Examples of the same include XML, JSON, HTML, etc.

8. ## What is the difference between Big Data and Non-Big Data?

Big Data is that data, which cannot be stored and/or which cannot be processed using traditional storage and hardware/software.

Big Data is majorly characterized by 5 Vs - Velocity, Veracity, Volume, Variety, Value.

Non-Big Data is that data, which can be stored and processed using traditional hardware/software.

9. ## What is the difference between Cross-Sectional data, Time Series data and Longitudinal data/Panel data?

Data where the sequence based on data & time is unimportant, is called as cross-sectional data. This data usually contains multiple variables. Eg: Data where variables includes age, income, gender, etc., and based on that we want to predict the loan defaulters.
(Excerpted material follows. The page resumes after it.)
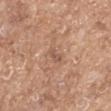The lesion was tiled from a total-body skin photograph and was not biopsied.
This is a white-light tile.
The lesion is on the left upper arm.
A male patient aged approximately 70.
Cropped from a whole-body photographic skin survey; the tile spans about 15 mm.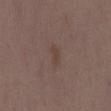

Data where the sequence based on data & time is important, is called as time-series data. This data usually contains single variable. Eg: Predicting sales for example includes only one variable called sales and it will have monthly, weekly, daily sales, which will be in a sequence.

Data where the sequence based on data & time is important & contains multiple variables is called as longitudinal data or panel data. Eg: Predicting sales across various countries is an example of longitudinal data or panel data.

11. ## What is the difference between balanced and imbalanced/rare datasets?

Categorical Data (Binary): Data where one class representation is less than 30% is called as imbalanced dataset. 30% is a generic thumb rule. Eg: Output variable has Default or Not Default details. 29% of the data in output variable says default and another 71% says not default.

Categorical Data (Multiple): Data where count or percentage of one of the classes is significantly less or more than the other classes. Eg: Output variable has 0, 1, 2, 3....9, handwritten digits and algorithm has to recognize the handwritten digits. If one of the classes '1' has only 2% of representation and if another class '10' has 10% representation then it is imbalanced dataset.

Continuous: If the dataset is bimodal or non-normal then it may be one case of imbalanced dataset.

12. ## What is the difference between offline processing and online processing?

Offline processing means data is processed offline without need for internet connection. Here data is usually processed in batches, which is called as Batch processing.

Online processing means data is processed online and internet connection is needed. As and how data arrives, it is processed and it is called as streaming data or real-time processing.

13. ## What is a Random Variable?

Any variable whose output varies and has a chance associated with the output values is called as Random variable. Eg: Flipping a coin has Head or Tail as output and Flipping a coin is a random variable. Note: Random Variables are always represented using capital letter and values, which are not random variables are represented using small letter.

14. ## What are Measurement levels?

Measurement levels are a way to interpret the calculations that can be applied to the data for extracting the information. There are 4 levels of measurements that we can learn: Nominal, Ordinal, Interval, and Ratio.

15. ## What does Nominal type in measurement levels mean?

Name of Categories (There is no natural order among categories) There is no inherent order.

Eg: Color names, Gender

16. ## What is the ordinal measurement level?

Categories that have Particular order (Inherent order).

Eg: Shirt size : S, M, L, XL, XXL.

17. ## What does Interval measurement level represent?

The Interval level is a numeric measure of the data. This numeric measure will explain the relative value of a data point in the data set. The values will always lie in a defined boundary. Hence these values are said to be a measure of local scale. Eg: Temperature, and Date.

18. ## What is a Ratio measure?

Ratio data is very much like the interval data – the values must be numerical where the difference between points is standardized and quite meaningful. Whereas, for data to be considered as the ratio data, it must have a true zero value, which means ratio data cannot have negative values. Eg: Height, Weight.

19. ## What is the Factor variable?

The Factor variable is nothing but it has limited values (or) labels.

Eg: Month(Jan, Feb, …., Dec) ---- Only 12 values for Month variable.